En 1650 av. J.-C., une importante cité située au bord de la mer Morte a été entièrement carbonisée en l’espace d’une seule matinée. La dévastation fut si absolue que rien n’y repoussa pendant six siècles. Aujourd’hui, les indices enfouis dans le sol désignent un coupable venu du ciel. Ce cataclysme n’est pas seulement gravé dans les mémoires religieuses ; il a laissé des traces matérielles à travers l’Europe et le Moyen-Orient. Trois objets archéologiques distincts, découverts dans trois pays différents, racontent exactement la même histoire : une tablette d’argile de l’ancienne Mésopotamie, un disque de bronze exhumé d’une colline allemande et des poteries fondues retrouvées dans la vallée du Jourdain.
La tablette de Ninive : un enregistrement millénaire
L’histoire de cette découverte commence en 1849 dans le nord de l’Irak actuel, en face de la ville de Mossoul. L’archéologue Austen Henry Layard y découvre la bibliothèque du roi Assurbanipal à Ninive. Parmi les 30 000 tablettes d’argile préservées par l’incendie qui détruisit la ville en 612 av. J.-C., les chercheurs découvrent un objet insolite : un disque d’argile de 14 centimètres de diamètre, connu sous le nom de planisphère de Ninive (référencé sous le numéro K8538).
Divisé en huit sections égales comme les parts d’une tarte, ce planisphère comporte des dessins d’étoiles, de constellations et de trajectoires. Longtemps incompris par les assyriologues qui y voyaient un simple calendrier rituel, l’objet a été analysé par deux ingénieurs en astronautique, Alan Bond et Mark Hempsell. En utilisant des logiciels d’astronomie capables de reconstituer la voûte céleste du passé, ils ont découvert que la tablette décrivait la position exacte des constellations à une date très précise : le 29 juin 3123 av. J.-C., juste avant l’aube.

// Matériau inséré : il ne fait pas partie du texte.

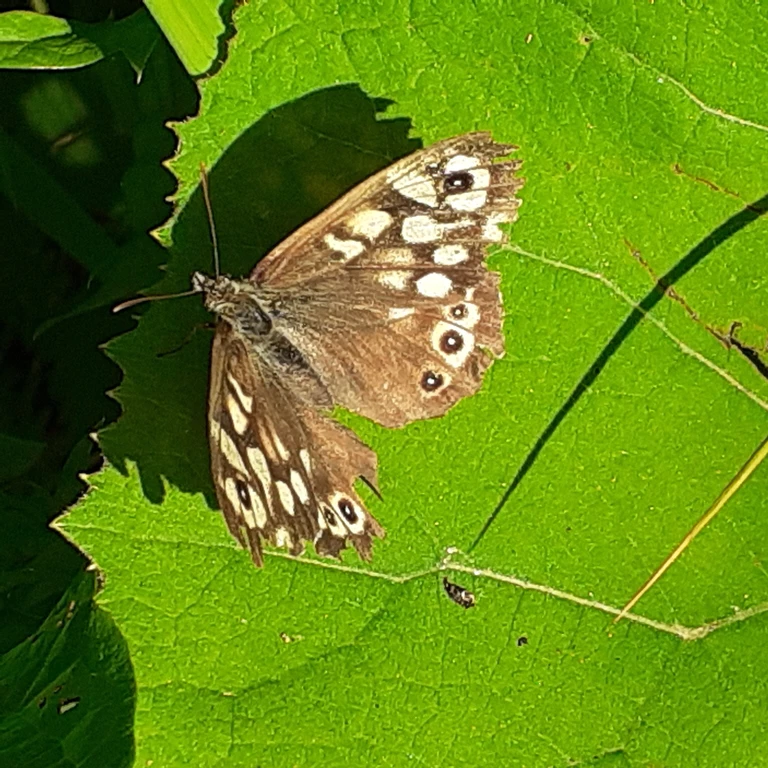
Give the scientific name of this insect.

La tablette montre un immense objet blanc traversant le ciel depuis la constellation des Poissons, s’élevant vers le nord-ouest à un angle très bas de 6 degrés au-dessus de l’horizon. En prolongeant cette trajectoire sur une carte, la ligne traverse l’Irak, la Turquie et les Balkans pour finir sa course dans une vallée des Alpes autrichiennes, à Köfels.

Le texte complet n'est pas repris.